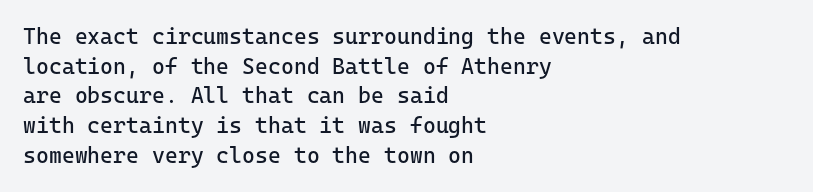
Unmarked baselines from the first word to the last. The designer left line spacing at the default. The rendering anchors every line to the left-hand side. The gaps between neighbouring characters are ordinary and unremarkable. The type sits square on the baseline with zero lean.
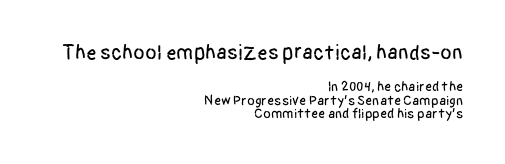
The image shows 21 px text type, upright; set right-aligned, tight line spacing (0.97x), normal letter spacing, not underlined; the first (top) block is 1.5x larger.
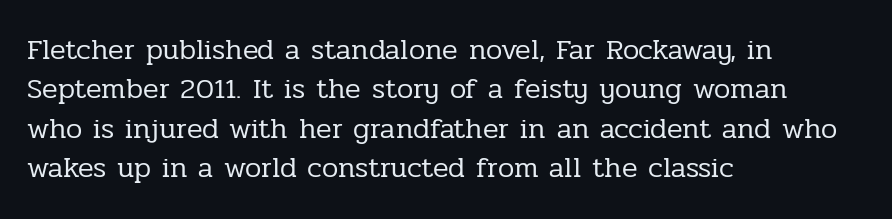
{"serif": "yes", "italic": "no", "bold": "no", "weight": "regular", "width": "normal", "stroke_contrast": "low", "x_height": "medium", "monospaced": "no", "underline": "no", "align": "left", "line_spacing": "normal", "line_spacing_ratio": 1.36, "letter_spacing": "normal", "letter_spacing_em": 0.0, "glyph_px": 29}
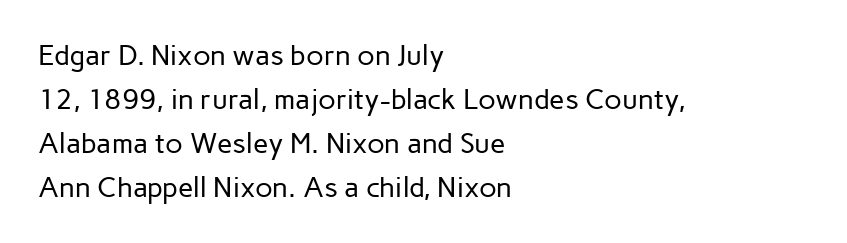
Q: Is the text bold? A: No.
Q: Is the text italic (slanted)? A: No, it is upright.
Q: Is the typeface a serif or a sans-serif typeface? A: Sans-serif.
Q: Is the text underlined? A: No.
Q: How is the paragraph aligned? A: Left-aligned.
Q: Is the spacing between letters normal or unusually wide? A: Normal.
Q: Is the spacing between lines tight, normal or loose? A: Normal.
Q: Width (condensed, normal, or wide)? A: Normal.
Q: Stroke contrast? A: Low.
Q: x-height? A: Medium.
Q: Monospaced? A: No.
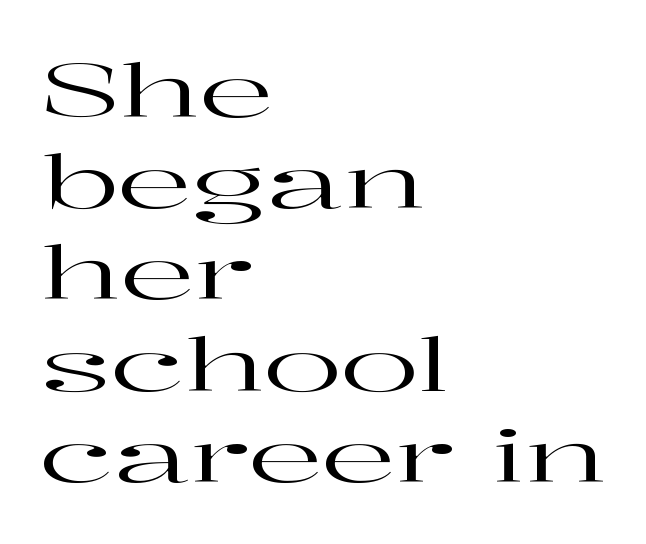
{"serif": "yes", "italic": "no", "width": "wide", "stroke_contrast": "high", "x_height": "medium", "monospaced": "no", "underline": "no", "align": "left", "line_spacing": "normal", "line_spacing_ratio": 1.25, "letter_spacing": "normal", "letter_spacing_em": 0.0, "glyph_px": 73}
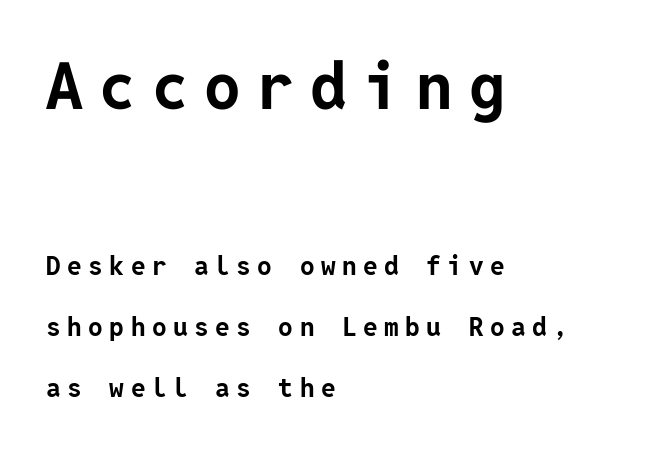
The lettering stays uniformly vertical, giving the passage a roman look. Is the type bold? Yes — the strokes are clearly thick and heavy. No feet cap the strokes, marking this as sans-serif type. Words appear elongated and porous because spacing is wide. One glance says open: line gaps are wider than usual. Lines of text with bare space underneath.
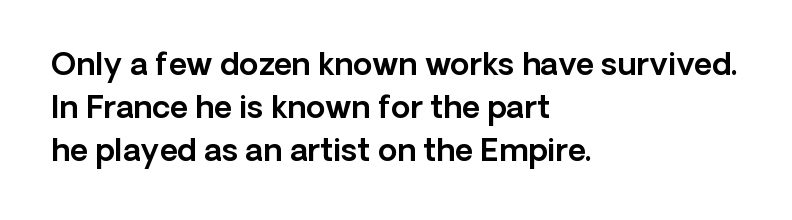
The image shows 31 px sans-serif type, upright; set left-aligned, normal line spacing (1.38x), normal letter spacing, not underlined; a medium x-height.
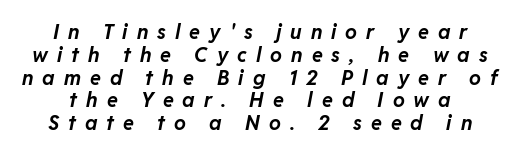
Notice how the stems are inclined rather than vertical — that's the hallmark of italics. Letters rest on an invisible, unmarked baseline. In terms of weight, the rendering is a true, heavy bold. The line-height multiplier appears low, near solid setting. Is the letter spacing exaggerated? Yes — the characters are pushed far apart.
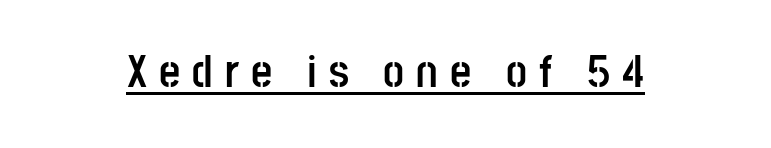
The image shows 46 px semibold, condensed sans-serif type, upright; set centered, unusually wide letter spacing (+0.26 em), underlined; low stroke contrast and a large x-height.
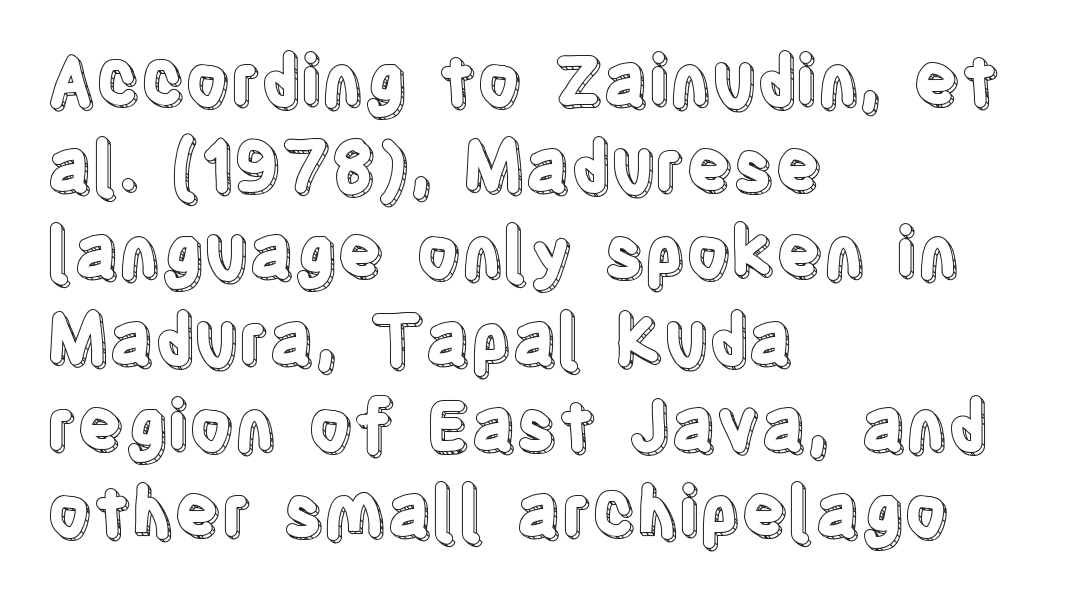
{"italic": "no", "width": "condensed", "x_height": "large", "monospaced": "no", "underline": "no", "align": "left", "line_spacing": "normal", "line_spacing_ratio": 1.25, "letter_spacing": "normal", "letter_spacing_em": 0.0, "glyph_px": 69}
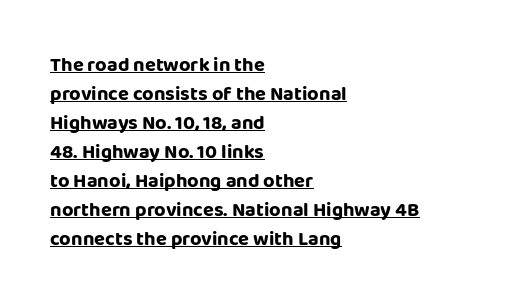
{"italic": "no", "bold": "yes", "underline": "yes", "align": "left", "line_spacing": "normal", "line_spacing_ratio": 1.45, "letter_spacing": "normal", "letter_spacing_em": 0.0, "glyph_px": 20}

-- -- --

For each line above that contains the word "condensed", give the line as it is written.

Q: Width (condensed, normal, or wide)? A: Normal.
The image shows 46 px semibold, condensed sans-serif type, upright; set centered, unusually wide letter spacing (+0.26 em), underlined; low stroke contrast and a large x-height.
{"italic": "no", "width": "condensed", "x_height": "large", "monospaced": "no", "underline": "no", "align": "left", "line_spacing": "normal", "line_spacing_ratio": 1.25, "letter_spacing": "normal", "letter_spacing_em": 0.0, "glyph_px": 69}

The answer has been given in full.